[Available records — start]

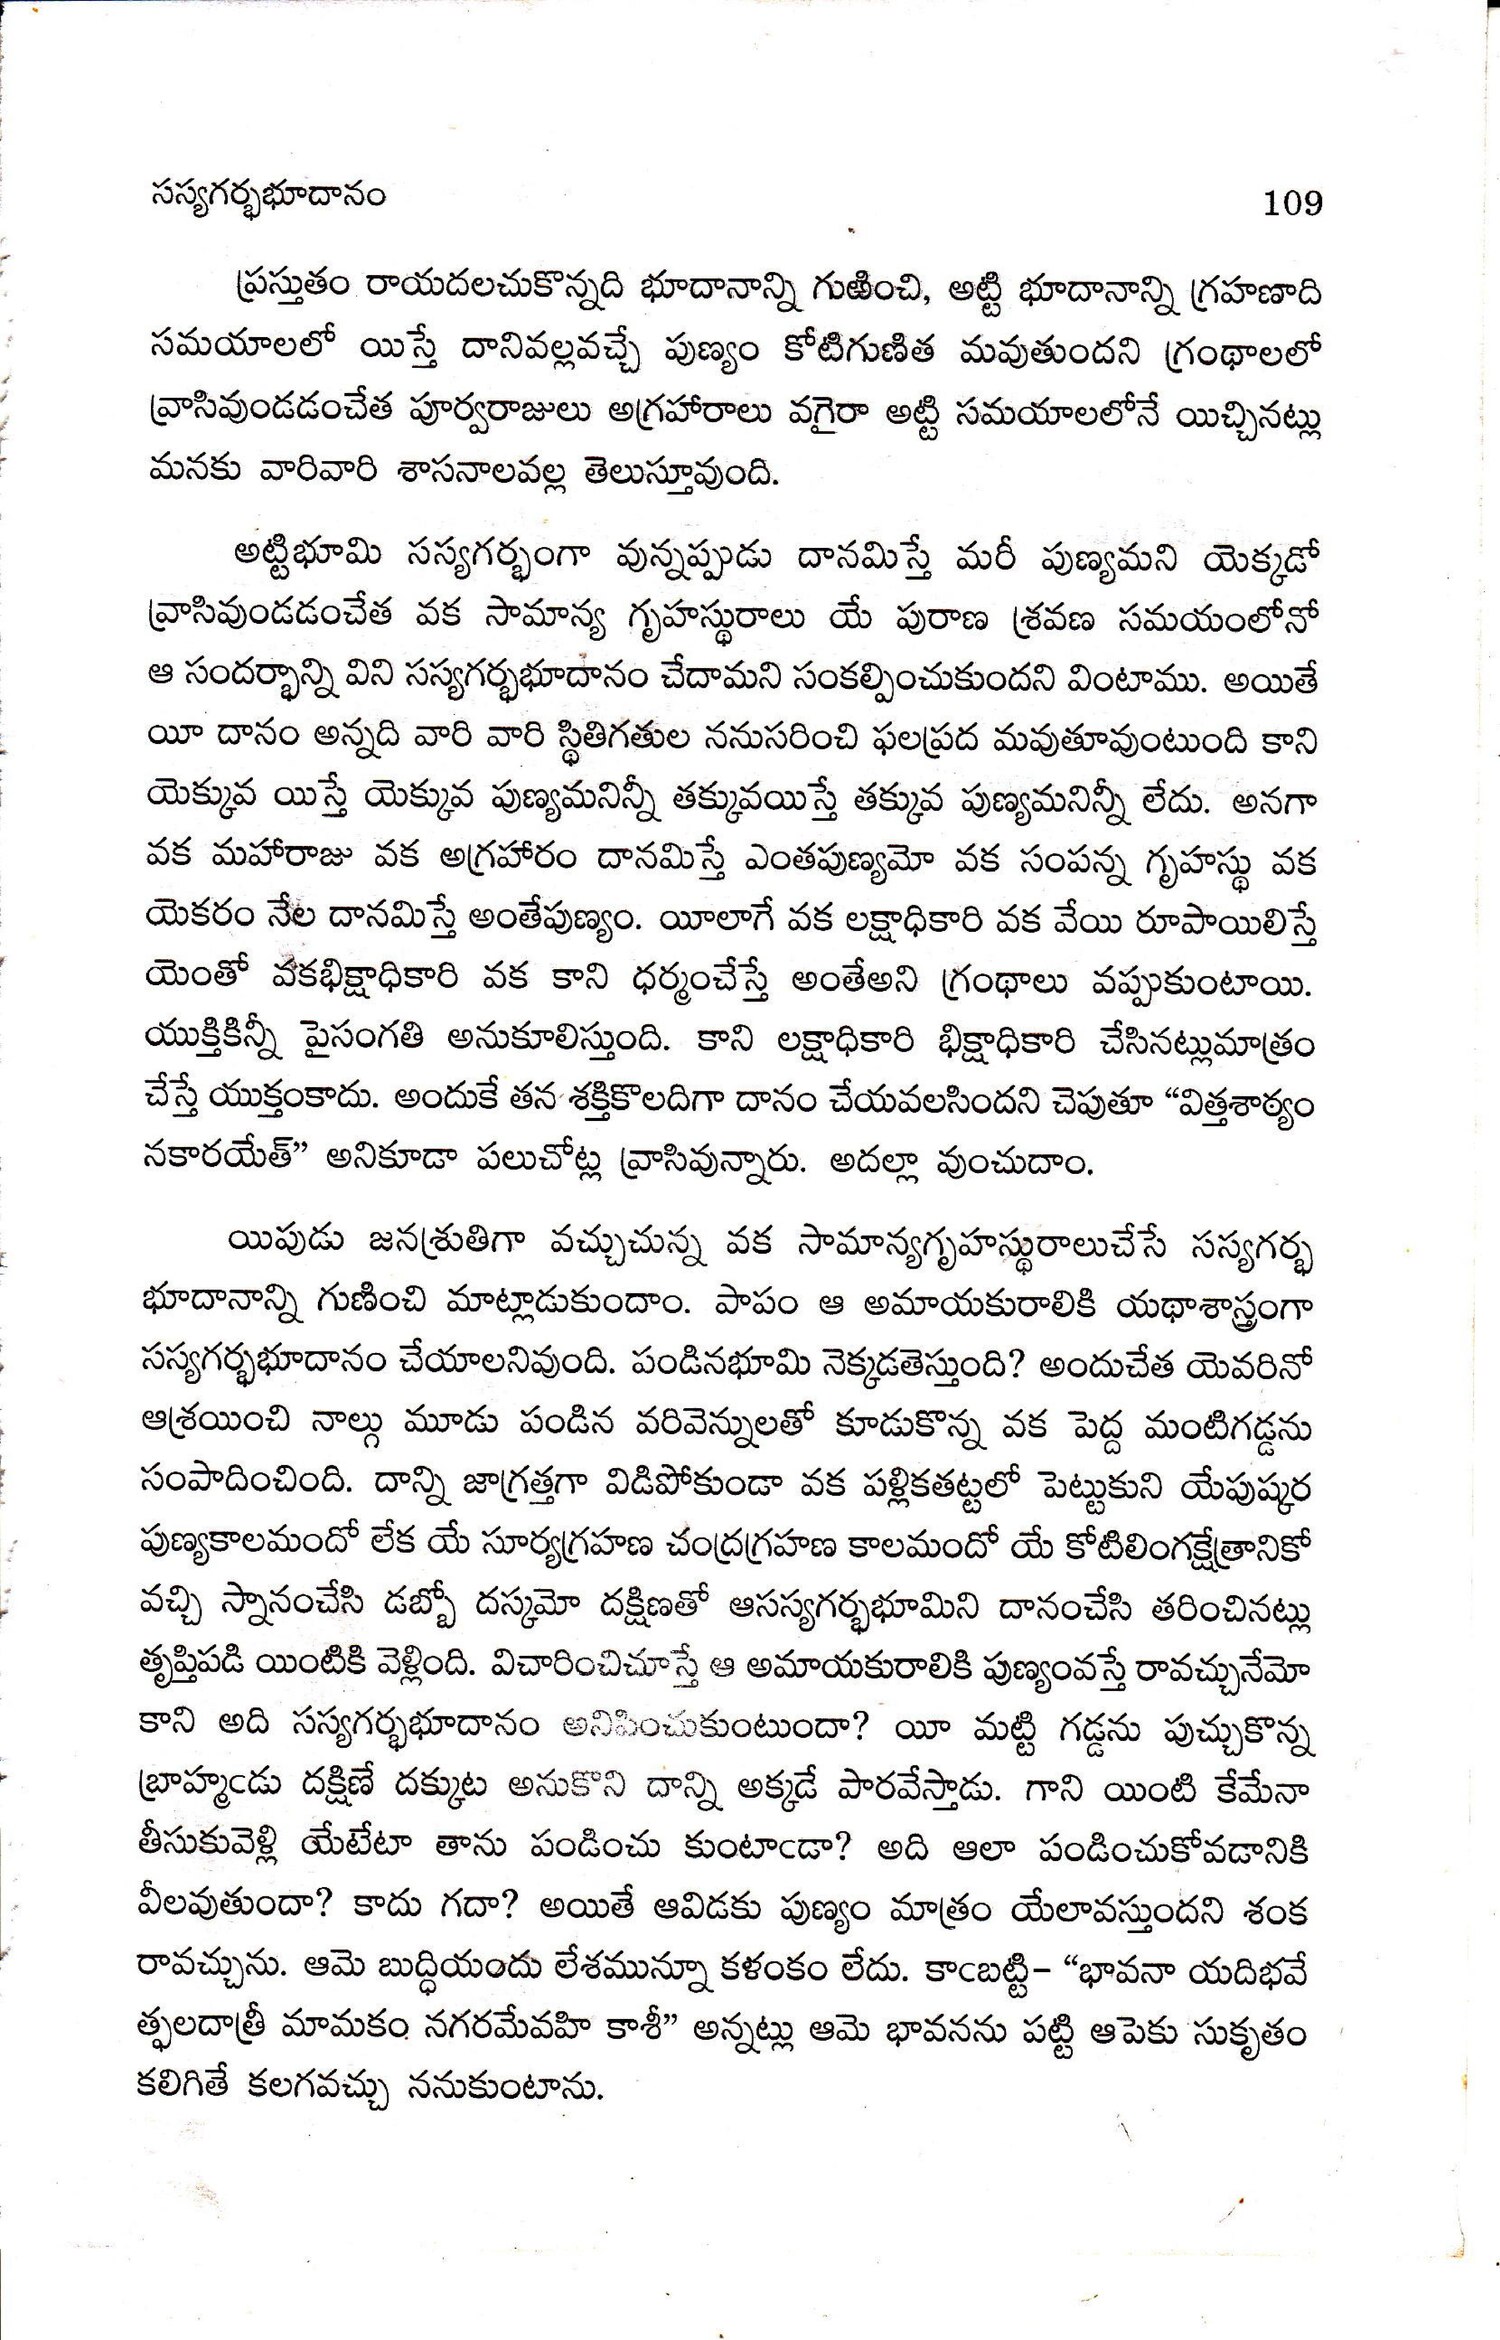ప్రస్తుతం రాయదలచుకొన్నది భూదానాన్ని గుణించి, అట్టి భూదానాన్ని గ్రహణాది సమయాలలో యిస్తే దానివల్లవచ్చే పుణ్యం కోటిగుణిత మవుతుందని గ్రంథాలలో వ్రాసివుండడంచేత పూర్వరాజులు అగ్రహారాలు వగైరా అట్టి సమయాలలోనే యిచ్చినట్లు మనకు వారివారి శాసనాలవల్ల తెలుస్తూవుంది.

అట్టి భూమి సస్యగర్భంగా వున్నప్పడు దానమిస్తే మరీ పుణ్యమని యొక్కడో వ్రాసివుండడంచేత వక సామాన్య గృహస్టురాలు యే పురాణ శ్రవణ సమయంలోనో ఆ సందర్భాన్ని విని సస్యగర్భభూదానం చేదామని సంకల్పించుకుందని వింటాము. అయితే యీ దానం అన్నది వారి వారి స్థితిగతుల ననుసరించి ఫలప్రద మవుతూవుంటుంది కాని యొక్కువ యిస్తే యెక్కువ పుణ్యమనిన్నీ తక్కువయిస్తే తక్కువ పుణ్యమనిన్నీ లేదు. అనగా వక మహారాజు వక అగ్రహారం దానమిస్తే ఎంతపుణ్యమో వక సంపన్న గృహస్టు వక యొకరం నేల దానమిస్తే అంతేపుణ్యం. యీలాగే వక లక్షాధికారి వక వేయి రూపాయిలిస్తే యెంతో వకభిక్షాధికారి వక కాని ధర్మంచేస్తే అంతేఅని గ్రంథాలు వప్పకుంటాయి. యుక్తికిన్నీ పైసంగతి అనుకూలిస్తుంది. కాని లక్షాధికారి భిక్షాధికారి చేసినట్లుమాత్రం చేస్తే యుక్తంకాదు. అందుకే తన శక్తికొలదిగా దానం చేయవలసిందని చెపుతూ "విత్తశాఠ్యం నకారయేత్ అనికూడా పలుచోట్ల వ్రాసివున్నారు. అదలా వుంచుదాం.

యిపుడు జనశ్రుతిగా వచ్చుచున్న వక సామాన్యగృహసురాలుచేసే సస్యగర్భ భూదానాన్ని గుణించి మాట్లాడుకుందాం. పాపం ఆ అమాయకురాలికి యథాశాస్త్రంగా సస్యగర్భభూదానం చేయాలనివుంది. పండినభూమి నెక్కడతెస్తుంది? అందుచేత యెవరినో ఆశ్రయించి నాలు మూడు పండిన వరివెన్నులతో కూడుకొన్న వక పెద్ద మంటిగడ్డను సంపాదించింది. దాన్ని జాగ్రత్తగా విడిపోకుండా వక పళ్లికతట్టలో పెట్టుకుని యేపుష్కర పుణ్యకాలమందో లేక యే సూర్యగ్రహణ చంద్రగ్రహణ కాలమందో యే కోటిలింగక్షేత్రానికో వచ్చి స్నానంచేసి డబ్బో దస్కమో దక్షిణతో ఆసస్యగర్భభూమిని దానంచేసి తరించినట్లు తృప్తిపడి యింటికి వెళ్లింది. విచారించిచూస్తే ఆ అమాయకురాలికి పుణ్యంవస్తే రావచ్చునేమో కాని అది సస్యగర్భభూదానం అనిష్ఠించుకుంటుందా? యీ మట్టి గడ్డను పుచ్చుకొన్న బ్రాహ్మండు దక్షిణే దక్కుట అనుకొని దాన్ని అక్కడే పారవేస్తాడు. గాని యింటి కేమేనా తీసుకువెళ్లి యేటేటా తాను పండించు కుంటాండా? అది ఆలా పండించుకోవడానికి వీలవుతుందా? కాదు గదా? అయితే ఆవిడకు పుణ్యం మాత్రం యేలావస్తుందని శంక రావచ్చును. ఆమె బుద్ధియందు లేశమున్నూ కళంకం లేదు. కాcబట్టి- “భావనా యదిభవే త్ఫలదాత్రీ మామకం నగరమేవహి కాశీ" అన్నట్లు ఆమె భావనను పట్టి ఆపెకు సుకృతం కలిగితే కలగవచ్చు ననుకుంటాను.
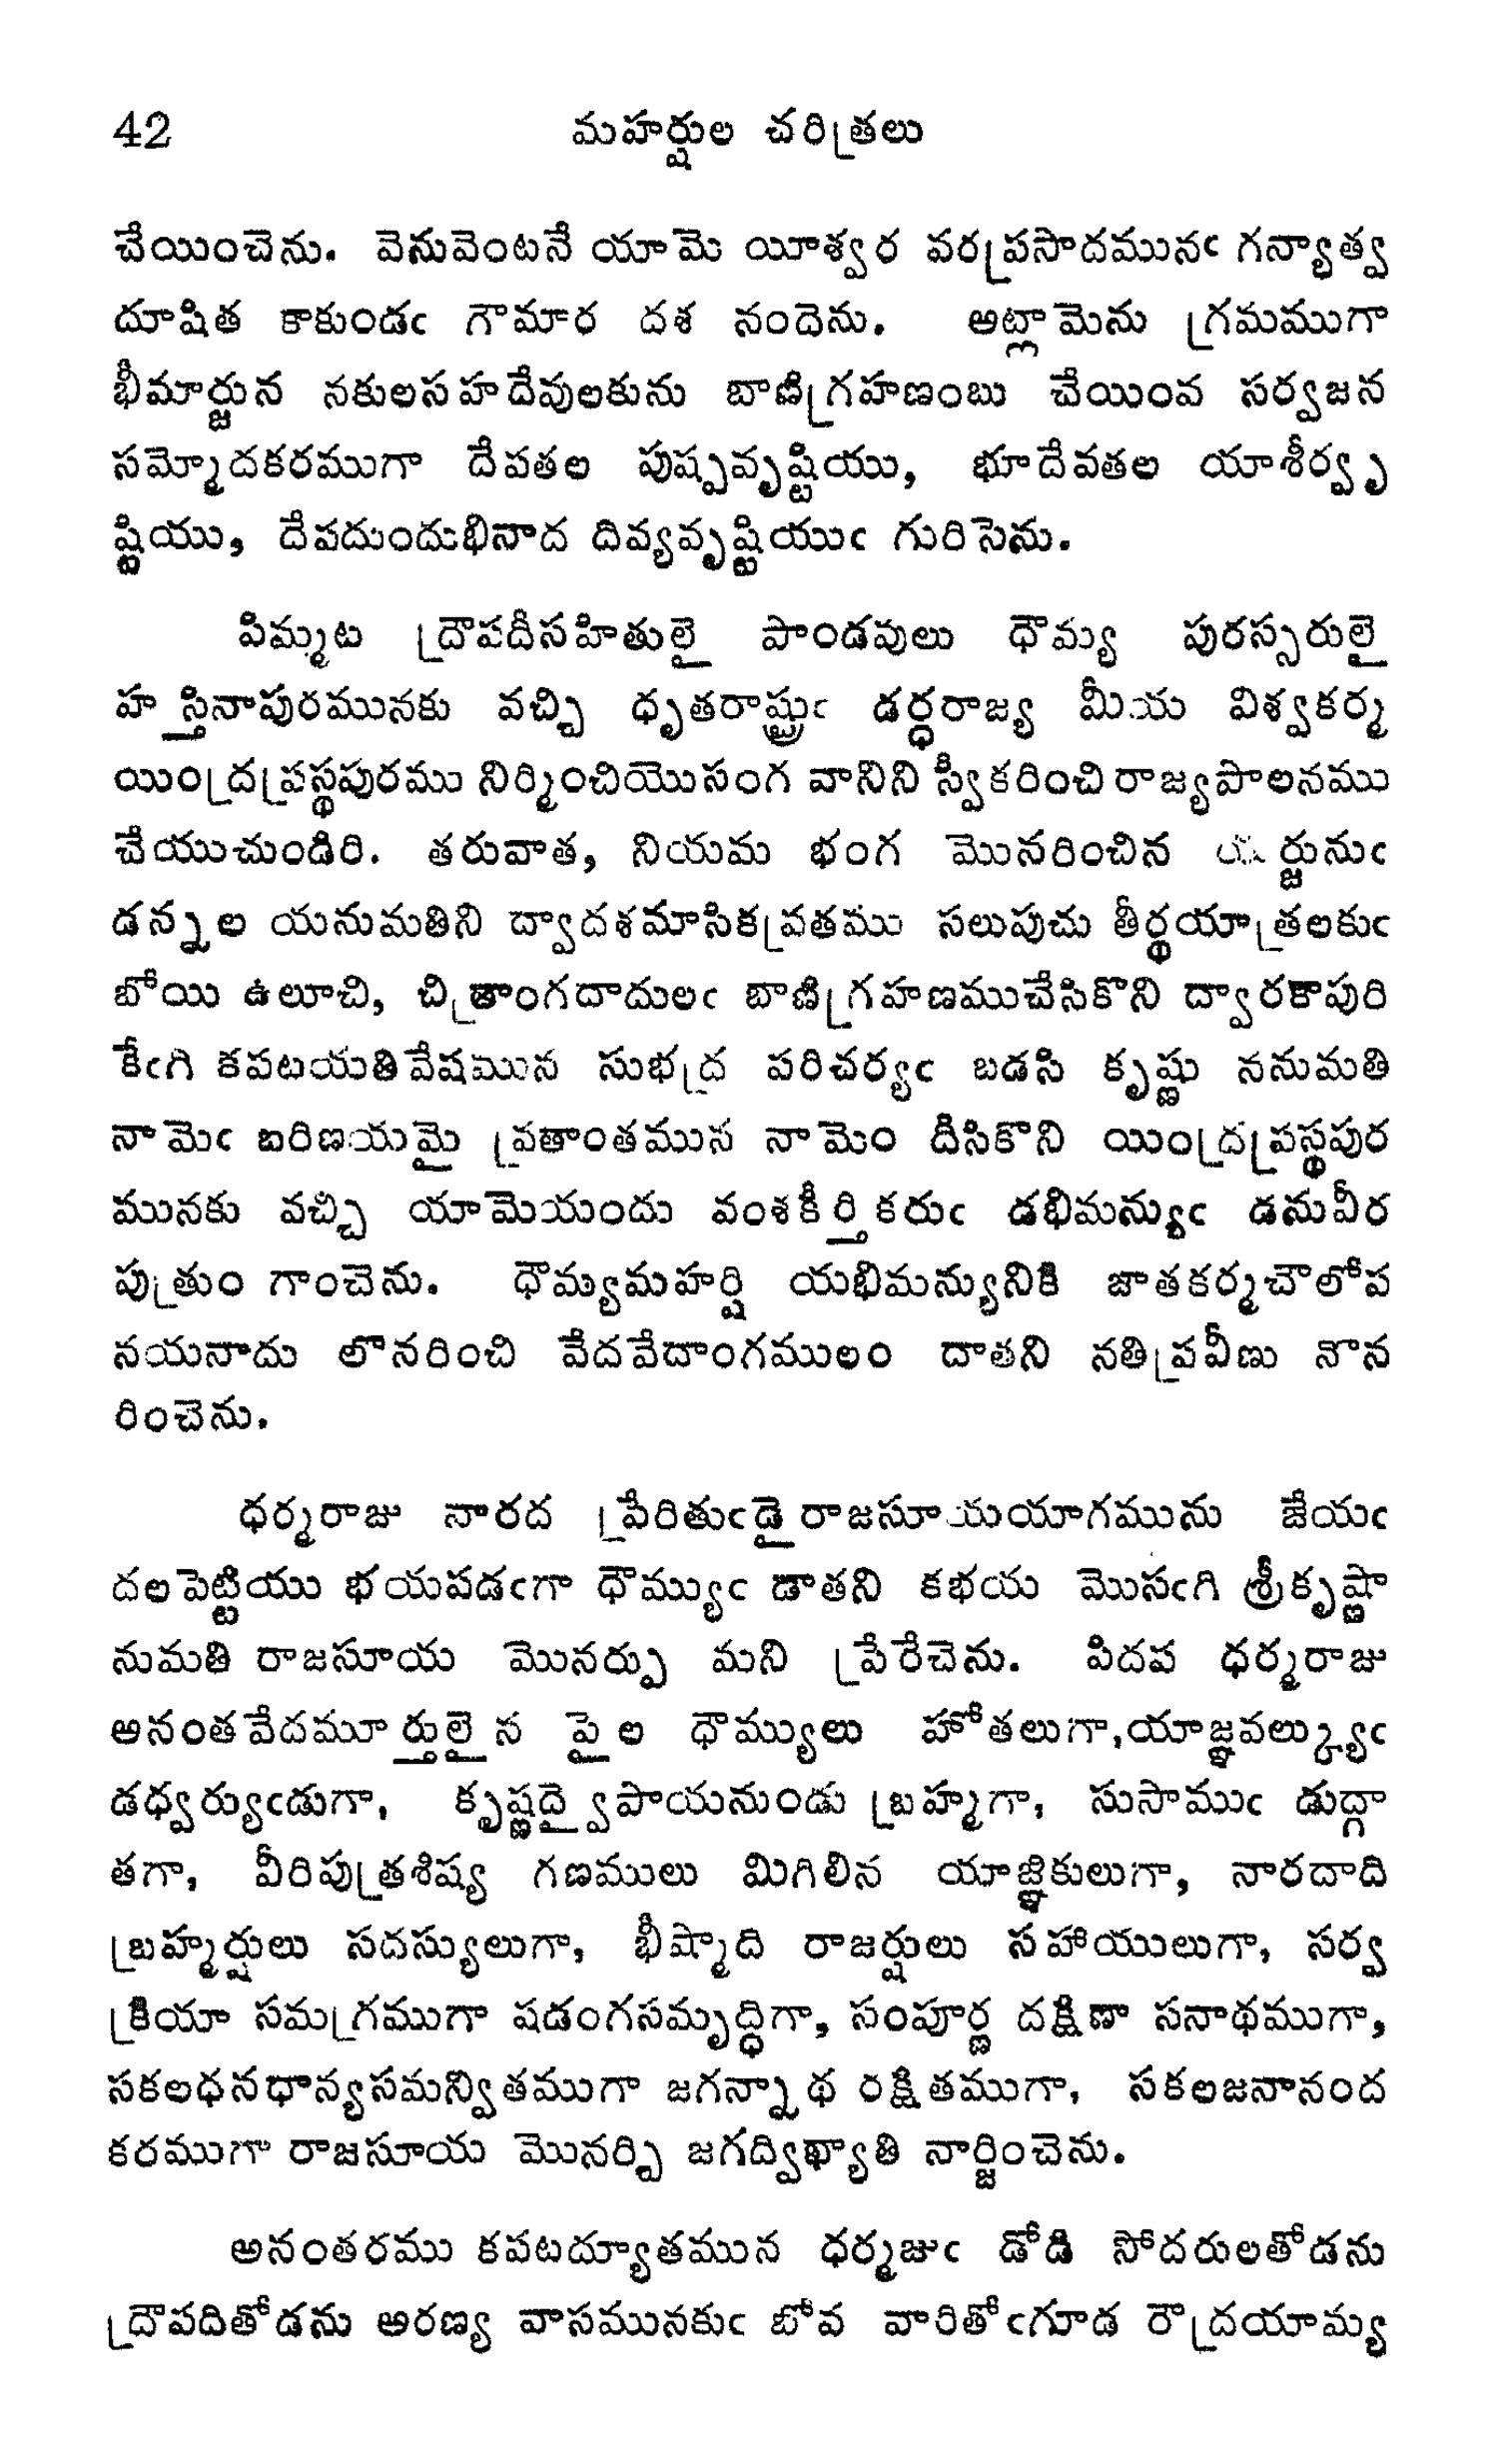చేయించెను. వెనువెంటనే యామె యీశ్వర వరప్రసాదమునఁ గన్యాత్వ దూషిత కాకుండఁ గౌమార దశ నందెను. అట్లామెను గ్రమముగా భీమార్జున నకులసహదేవులకును బాణిగ్రహణంబు చేయింవ సర్వజన సమ్మోదకరముగా దేవతల పుష్పవృష్టియు, భూదేవతల యాశీర్వృష్టియు, దేవదుందుభినాద దివ్యవృష్టియుఁ గురిసెను.

పిమ్మట ద్రౌపదీసహితులై పాండవులు ధౌమ్య పురస్సరులై హస్తినాపురమునకు వచ్చి ధృతరాష్ట్రుఁ డర్ధరాజ్య మీయ విశ్వకర్మ యింద్రప్రస్థపురము నిర్మించియొసంగ వానిని స్వీకరించి రాజ్యపాలనము చేయుచుండిరి. తరువాత, నియమ భంగ మొనరించిన .యర్జునుఁ డన్నల యనుమతిని ద్వాదశమాసికవ్రతము సలుపుచు తీర్థయాత్రలకుఁ బోయి ఉలూచి, చిత్రాంగదాదులఁ బాణిగ్రహణముచేసికొని ద్వారకాపురి కేఁగి కపటయతి వేషమున సుభద్ర పరిచర్యఁ బడసి కృష్ణు ననుమతి నామెఁ బరిణయమై వ్రతాంతమున నామెం దీసికొని యింద్రప్రస్థపురమునకు వచ్చి యామెయందు వంశకీర్తి కరుఁ డభిమన్యుఁ డనువీర పుత్రుం గాంచెను. ధౌమ్యమహర్షి యభిమన్యునికి జాతకర్మచౌలోప నయనాదు లొనరించి వేదవేదాంగములం దాతని నతిప్రవీణు నొనరించెను.

ధర్మరాజు నారద! పేరితుఁడై రాజసూయయాగమును జేయఁ దలపెట్టియు భయపడఁగా ధౌమ్యుఁ డాతని కభయ మొసఁగి శ్రీకృష్ణానుమతి రాజసూయ మొనర్పు మని ప్రేరేచెను. పిదప ధర్మరాజు అనంతవేదమూర్తులైన పైల ధౌమ్యులు హోతలుగా, యాజ్ఞవల్క్యుఁ డధ్వర్యుఁడుగా, కృష్ణద్వైపాయనుండు బ్రహ్మగా, సుసాముఁ డుద్గాతగా, వీరిపుత్రశిష్య గణములు మిగిలిన యాజ్ఞికులుగా, నారదాది బ్రహ్మర్షులు సదస్యులుగా, భీష్మాది రాజర్షులు సహాయులుగా, సర్వక్రియా సమగ్రముగా షడంగసమృద్ధిగా, సంపూర్ణ దక్షిణా సనాథముగా, సకలధనధాన్యసమన్వితముగా జగన్నాథ రక్షితముగా, సకలజనానందకరముగా రాజసూయ మొనర్చి జగద్విఖ్యాతి నార్జించెను.

అనంతరము కపటద్యూతమున ధర్మజుఁ డోడి సోదరులతోడను ద్రౌపదితోడను అరణ్య వాసమునకుఁ బోవ వారితోఁగూడ రౌద్రయామ్య

[Available records — finish]

• [Exercise requirements]: Return the material line for line, from its beginning to the line that contains "అట్టి భూమి సస్యగర్భంగా", with the pictures left out.

• [Solution]:
ప్రస్తుతం రాయదలచుకొన్నది భూదానాన్ని గుణించి, అట్టి భూదానాన్ని గ్రహణాది సమయాలలో యిస్తే దానివల్లవచ్చే పుణ్యం కోటిగుణిత మవుతుందని గ్రంథాలలో వ్రాసివుండడంచేత పూర్వరాజులు అగ్రహారాలు వగైరా అట్టి సమయాలలోనే యిచ్చినట్లు మనకు వారివారి శాసనాలవల్ల తెలుస్తూవుంది.

అట్టి భూమి సస్యగర్భంగా వున్నప్పడు దానమిస్తే మరీ పుణ్యమని యొక్కడో వ్రాసివుండడంచేత వక సామాన్య గృహస్టురాలు యే పురాణ శ్రవణ సమయంలోనో ఆ సందర్భాన్ని విని సస్యగర్భభూదానం చేదామని సంకల్పించుకుందని వింటాము. అయితే యీ దానం అన్నది వారి వారి స్థితిగతుల ననుసరించి ఫలప్రద మవుతూవుంటుంది కాని యొక్కువ యిస్తే యెక్కువ పుణ్యమనిన్నీ తక్కువయిస్తే తక్కువ పుణ్యమనిన్నీ లేదు. అనగా వక మహారాజు వక అగ్రహారం దానమిస్తే ఎంతపుణ్యమో వక సంపన్న గృహస్టు వక యొకరం నేల దానమిస్తే అంతేపుణ్యం. యీలాగే వక లక్షాధికారి వక వేయి రూపాయిలిస్తే యెంతో వకభిక్షాధికారి వక కాని ధర్మంచేస్తే అంతేఅని గ్రంథాలు వప్పకుంటాయి. యుక్తికిన్నీ పైసంగతి అనుకూలిస్తుంది. కాని లక్షాధికారి భిక్షాధికారి చేసినట్లుమాత్రం చేస్తే యుక్తంకాదు. అందుకే తన శక్తికొలదిగా దానం చేయవలసిందని చెపుతూ "విత్తశాఠ్యం నకారయేత్ అనికూడా పలుచోట్ల వ్రాసివున్నారు. అదలా వుంచుదాం.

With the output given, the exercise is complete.